Yes, we have new systems to work with. Yes, now our boss Paul has a boss (tee-hee). Yes, it may take us a little longer to get reimbursed for conference expenses, etc. But creative control over Typecast still lies with Paul (our managing director) and Jamie (our creative director). No change there. Some may think it’s naive of us to believe this will last, but we’ve worked with Monotype a lot this year and we trust that their intentions are good. They’ve given us no reason to deny them the benefit of the doubt.

What about your emails, newsletters and blogs? Will Monotype really let you connect with people in the same personal way you did before?

Well all we can say on this one is so far so good. We’ve already discovered that being part of a public company means there are formal policies on codes of conduct and social media, but these are all common sense. Okay, so legal won’t let us use words like ‘guarantee’ anymore, and we can’t go about committing libel, but that’s not really our style anyway, so we’re not worried. We plan to keep on talking with you just like we always have: honestly and like a normal human being. No robots here.

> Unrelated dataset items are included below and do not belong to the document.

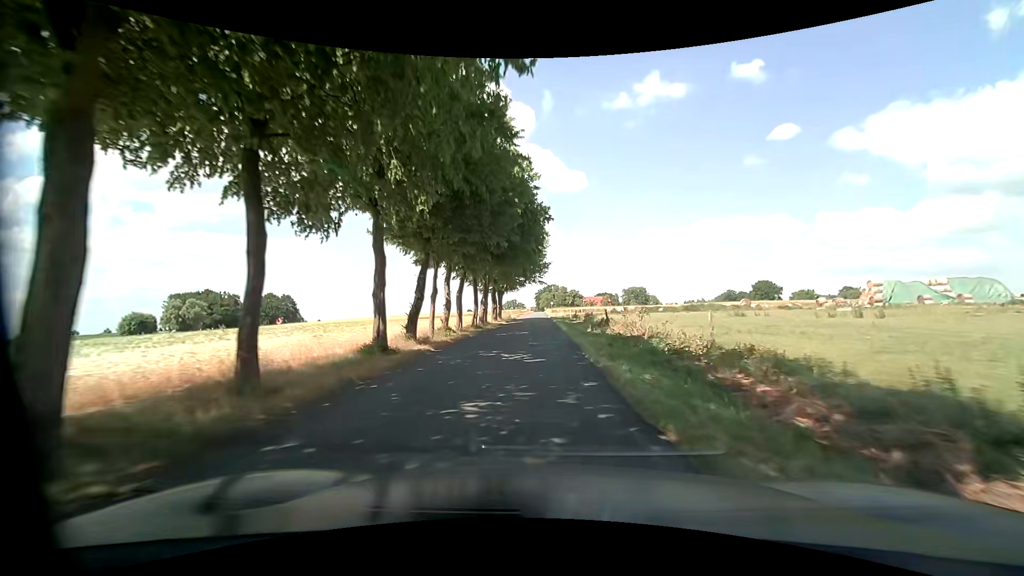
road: unclassified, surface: asphalt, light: Day
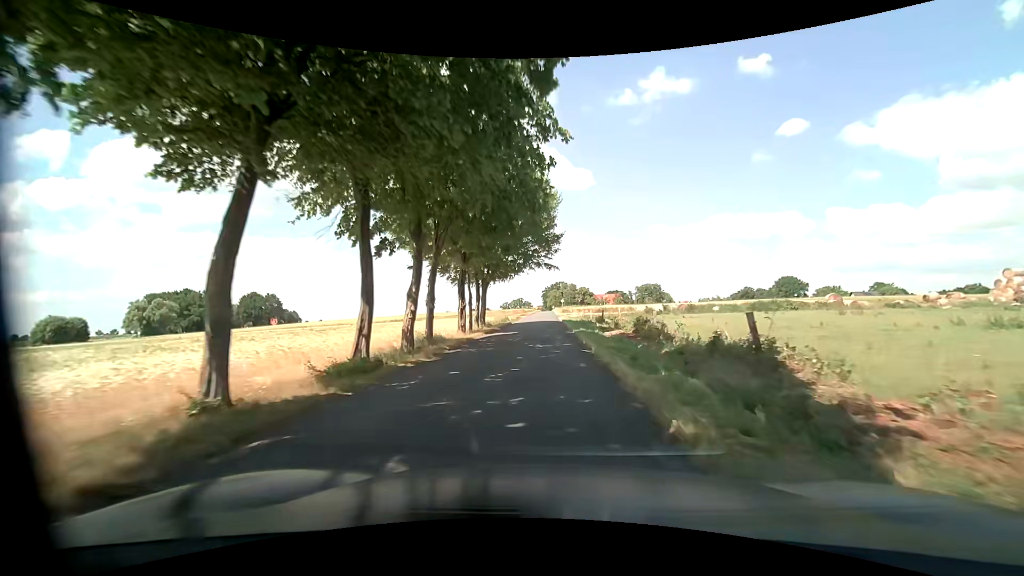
(-0.5, +23.2) m; -2°
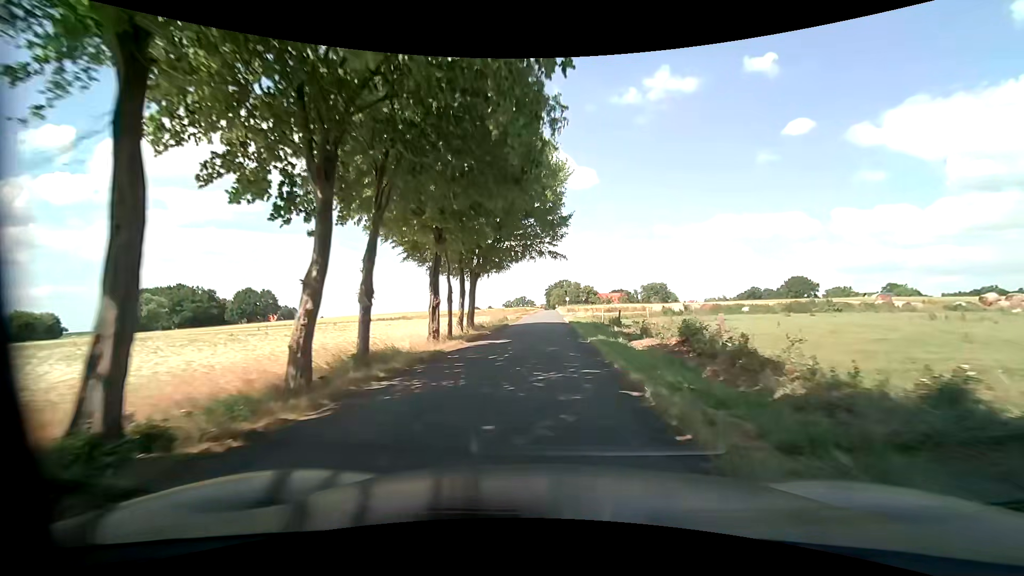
(0.0, +7.7) m; 0°
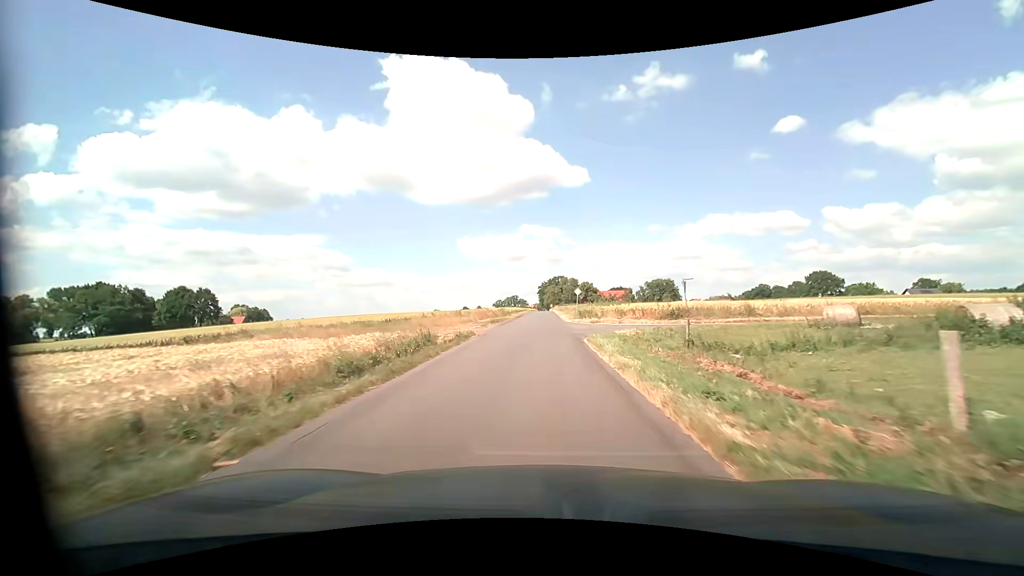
(+0.4, +38.7) m; 0°
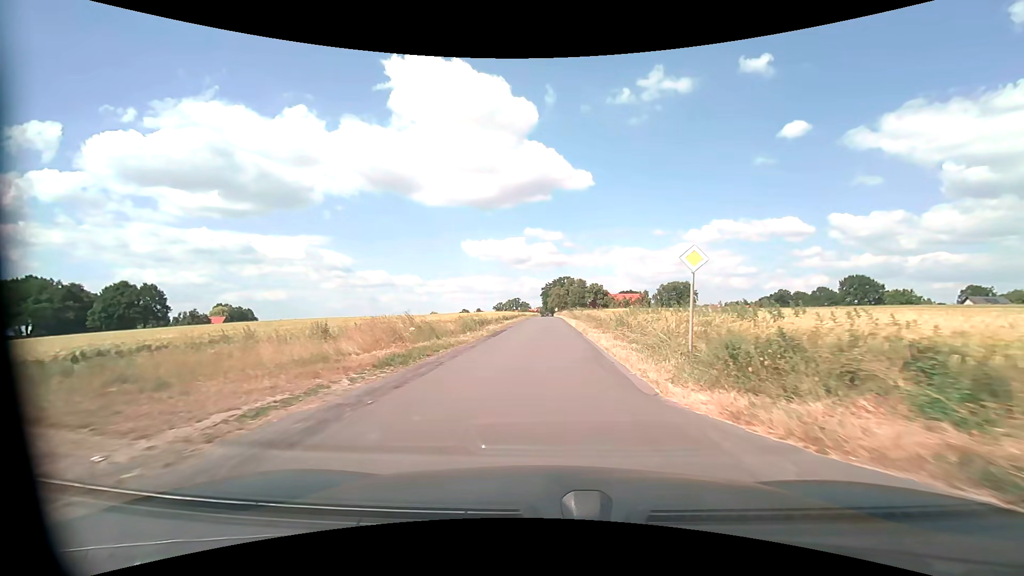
(+0.1, +30.4) m; 0°
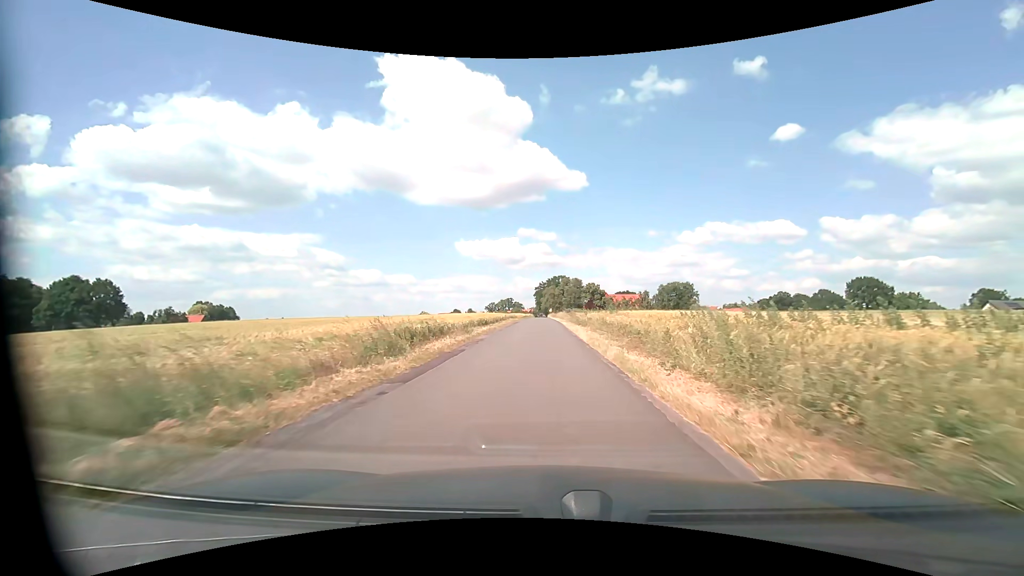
(+0.1, +14.6) m; +1°
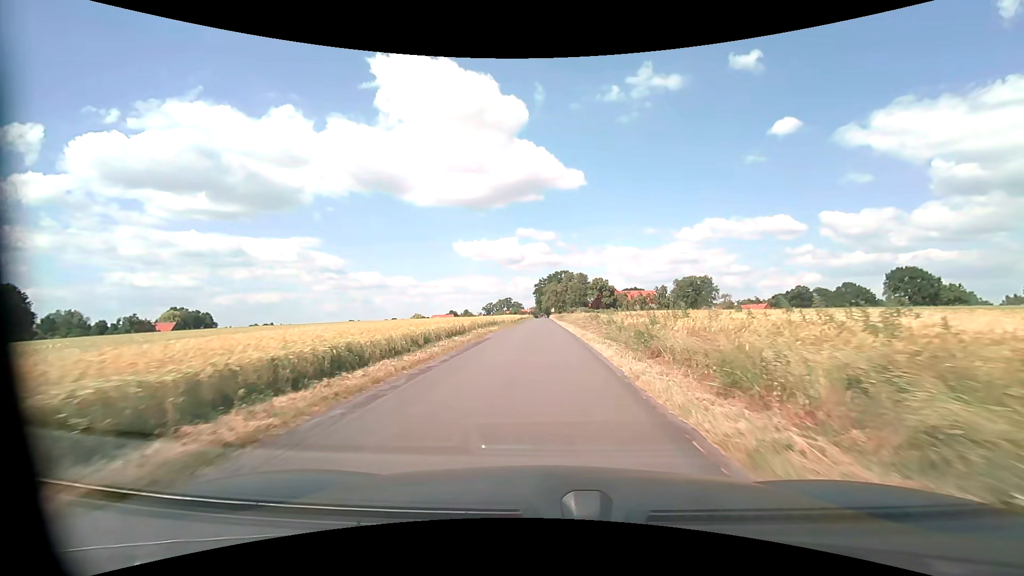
(0.0, +29.7) m; 0°
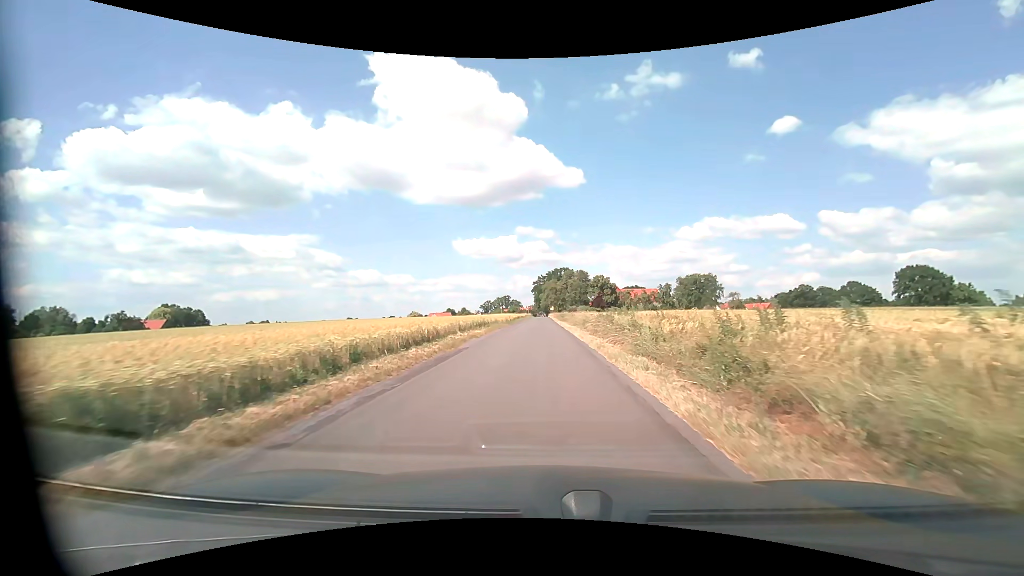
(0.0, +7.5) m; 0°
(0, +10) (0, +20) (0, +30) (0, +40) (0, +50) (0, +60) (0, +70) (0, +80) (0, +90) (0, +100) m

You say you’re keeping the same team on the product, but surely that won’t last.

We truly believe it will. All 14 staff that were part of Typecast on Monday before the acquisition are still with us today. There have been no new teammates forced upon us, and nobody has been let go. Of course in the years ahead our team may evolve, but teams change. That’s reality. When ours does, we expect that it will only be because staff have chosen to pursue new opportunities or because we need to bring on new skills to benefit the app. We don’t believe that a change of staff can ruin a product. Only a change in ethos and vision can do this. Our team shares the same vision and ethos, and Jamie and Paul safeguard these at the hiring stage and in the day-to-day running of Typecast. So anybody we choose to joins us in the future will enhance that culture, not dilute it.

Listen, this is new for us too and we can’t say with 100% certainty what the future holds. Six days ago we didn’t know we’d be joining Monotype, and we don’t know what surprises are in store tomorrow. But we plan to keep working hard to make Typecast a tool you love using, stay true to our design roots and be honest with you – just like we’ve done up till now. Stick around and enjoy the ride. That would be amazing.